DESCRIPTION OF THE TASK:
Write out the data that follows exactly, keeping every picture out.
Segment Open
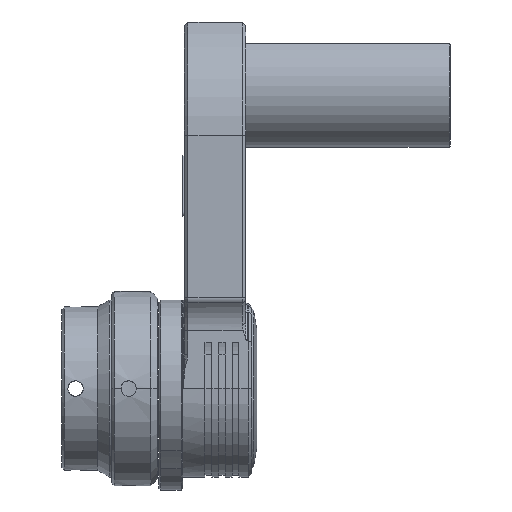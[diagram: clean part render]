
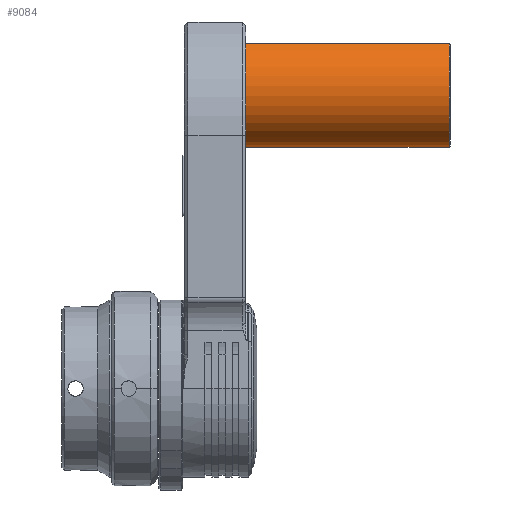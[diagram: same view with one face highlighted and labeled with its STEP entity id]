
A CAD part, left-side view. The second image highlights one B-rep face of the part: STEP entity #9084.
In plain terms, the highlighted cylindrical face has radius 16.835 mm (diameter 33.67 mm), a partial arc.
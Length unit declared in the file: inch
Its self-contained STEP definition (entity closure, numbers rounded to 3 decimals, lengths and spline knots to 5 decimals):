
#2398=CARTESIAN_POINT('',(0.,-2.70472,0.));
#2399=DIRECTION('',(0.,1.,0.));
#2400=DIRECTION('',(0.592,0.,0.806));
#2401=AXIS2_PLACEMENT_3D('',#2398,#2399,#2400);
#2425=DIRECTION('',(0.,-1.,0.));
#2426=VECTOR('',#2425,2.35039);
#2427=CARTESIAN_POINT('',(0.39243,-0.35433,
0.53413));
#2428=LINE('',#2427,#2426);
#2429=DIRECTION('',(0.,-1.,0.));
#2430=VECTOR('',#2429,2.35039);
#2431=CARTESIAN_POINT('',(-0.39243,-0.35433,
0.53413));
#2432=LINE('',#2431,#2430);
#2456=CARTESIAN_POINT('',(0.,-0.35433,0.));
#2457=DIRECTION('',(0.,-1.,0.));
#2458=DIRECTION('',(-0.592,0.,0.806));
#2459=AXIS2_PLACEMENT_3D('',#2456,#2457,#2458);
#5162=CARTESIAN_POINT('',(0.39243,-0.35433,
0.53413));
#5163=CARTESIAN_POINT('',(0.39243,-2.70472,
0.53413));
#5164=VERTEX_POINT('',#5162);
#5165=VERTEX_POINT('',#5163);
#5166=CARTESIAN_POINT('',(-0.39243,-0.35433,
0.53413));
#5167=CARTESIAN_POINT('',(-0.39243,-2.70472,
0.53413));
#5168=VERTEX_POINT('',#5166);
#5169=VERTEX_POINT('',#5167);
#9071=CARTESIAN_POINT('',(0.,-2.71654,0.));
#9072=DIRECTION('',(0.,-1.,0.));
#9073=DIRECTION('',(0.,0.,1.));
#9074=AXIS2_PLACEMENT_3D('',#9071,#9072,#9073);
#9075=CYLINDRICAL_SURFACE('',#9074,0.6628);
#9076=ORIENTED_EDGE('',*,*,#9009,.F.);
#9078=ORIENTED_EDGE('',*,*,#9077,.F.);
#9080=ORIENTED_EDGE('',*,*,#9079,.T.);
#9081=ORIENTED_EDGE('',*,*,#9053,.F.);
#9082=EDGE_LOOP('',(#9076,#9078,#9080,#9081));
#9083=FACE_OUTER_BOUND('',#9082,.F.);
#2402=CIRCLE('',#2401,0.6628);
#2460=CIRCLE('',#2459,0.6628);
#9009=EDGE_CURVE('',#5164,#5165,#2428,.T.);
#9053=EDGE_CURVE('',#5165,#5169,#2402,.T.);
#9077=EDGE_CURVE('',#5168,#5164,#2460,.T.);
#9079=EDGE_CURVE('',#5168,#5169,#2432,.T.);
#9084=ADVANCED_FACE('',(#9083),#9075,.T.);
Segment Closed
WORKED SOLUTION:
[diagram: clean part render]
[diagram: same view with one face highlighted and labeled with its STEP entity id]
A CAD part, left-side view. The second image highlights one B-rep face of the part: STEP entity #9084.
In plain terms, the highlighted cylindrical face has radius 16.835 mm (diameter 33.67 mm), a partial arc.
Length unit declared in the file: inch
Its self-contained STEP definition (entity closure, numbers rounded to 3 decimals, lengths and spline knots to 5 decimals):
#2398=CARTESIAN_POINT('',(0.,-2.70472,0.));
#2399=DIRECTION('',(0.,1.,0.));
#2400=DIRECTION('',(0.592,0.,0.806));
#2401=AXIS2_PLACEMENT_3D('',#2398,#2399,#2400);
#2425=DIRECTION('',(0.,-1.,0.));
#2426=VECTOR('',#2425,2.35039);
#2427=CARTESIAN_POINT('',(0.39243,-0.35433,
0.53413));
#2428=LINE('',#2427,#2426);
#2429=DIRECTION('',(0.,-1.,0.));
#2430=VECTOR('',#2429,2.35039);
#2431=CARTESIAN_POINT('',(-0.39243,-0.35433,
0.53413));
#2432=LINE('',#2431,#2430);
#2456=CARTESIAN_POINT('',(0.,-0.35433,0.));
#2457=DIRECTION('',(0.,-1.,0.));
#2458=DIRECTION('',(-0.592,0.,0.806));
#2459=AXIS2_PLACEMENT_3D('',#2456,#2457,#2458);
#5162=CARTESIAN_POINT('',(0.39243,-0.35433,
0.53413));
#5163=CARTESIAN_POINT('',(0.39243,-2.70472,
0.53413));
#5164=VERTEX_POINT('',#5162);
#5165=VERTEX_POINT('',#5163);
#5166=CARTESIAN_POINT('',(-0.39243,-0.35433,
0.53413));
#5167=CARTESIAN_POINT('',(-0.39243,-2.70472,
0.53413));
#5168=VERTEX_POINT('',#5166);
#5169=VERTEX_POINT('',#5167);
#9071=CARTESIAN_POINT('',(0.,-2.71654,0.));
#9072=DIRECTION('',(0.,-1.,0.));
#9073=DIRECTION('',(0.,0.,1.));
#9074=AXIS2_PLACEMENT_3D('',#9071,#9072,#9073);
#9075=CYLINDRICAL_SURFACE('',#9074,0.6628);
#9076=ORIENTED_EDGE('',*,*,#9009,.F.);
#9078=ORIENTED_EDGE('',*,*,#9077,.F.);
#9080=ORIENTED_EDGE('',*,*,#9079,.T.);
#9081=ORIENTED_EDGE('',*,*,#9053,.F.);
#9082=EDGE_LOOP('',(#9076,#9078,#9080,#9081));
#9083=FACE_OUTER_BOUND('',#9082,.F.);
#2402=CIRCLE('',#2401,0.6628);
#2460=CIRCLE('',#2459,0.6628);
#9009=EDGE_CURVE('',#5164,#5165,#2428,.T.);
#9053=EDGE_CURVE('',#5165,#5169,#2402,.T.);
#9077=EDGE_CURVE('',#5168,#5164,#2460,.T.);
#9079=EDGE_CURVE('',#5168,#5169,#2432,.T.);
#9084=ADVANCED_FACE('',(#9083),#9075,.T.);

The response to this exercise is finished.